Em teoria, isso poderia permitir ações de inteligência, operações policiais internacionais ou até intervenções militares direcionadas contra estruturas das facções, o que levanta debates sobre soberania nacional e relações diplomáticas com o Brasil.

Governo brasileiro é contra classificação

Autoridades brasileiras argumentam que PCC e Comando Vermelho são organizações criminosas, não terroristas, já que a legislação brasileira associa terrorismo a motivações ideológicas, religiosas ou políticas — algo que não se aplica diretamente às facções ligadas ao tráfico e ao crime organizado.

Por isso, o governo brasileiro tem atuado diplomaticamente para tentar evitar que a classificação seja oficializada.

Facções com atuação internacional

O PCC e o Comando Vermelho estão entre as maiores organizações criminosas da América Latina, com atuação em diversas regiões do Brasil e presença em rotas internacionais do tráfico de drogas e armas.

Nos últimos anos, alguns países da América do Sul já passaram a tratar essas facções como organizações ligadas ao narcoterrorismo. Argentina e Paraguai, por exemplo, incluíram os grupos em listas nacionais de entidades terroristas.

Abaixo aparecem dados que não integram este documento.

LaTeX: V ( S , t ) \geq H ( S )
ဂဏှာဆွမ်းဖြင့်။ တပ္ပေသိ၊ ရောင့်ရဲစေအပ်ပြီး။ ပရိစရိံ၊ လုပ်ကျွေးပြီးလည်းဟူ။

Debate político e diplomático

A possibilidade de classificação tem provocado discussões dentro do Brasil e também nos Estados Unidos. Parlamentares e especialistas avaliam que a decisão pode alterar o cenário da segurança pública e das relações internacionais, ampliando a cooperação no combate ao crime — mas também abrindo espaço para tensões diplomáticas entre os dois países.

A decisão final dependerá de análises políticas e jurídicas dentro do governo norte-americano e de eventuais negociações diplomáticas com o Brasil.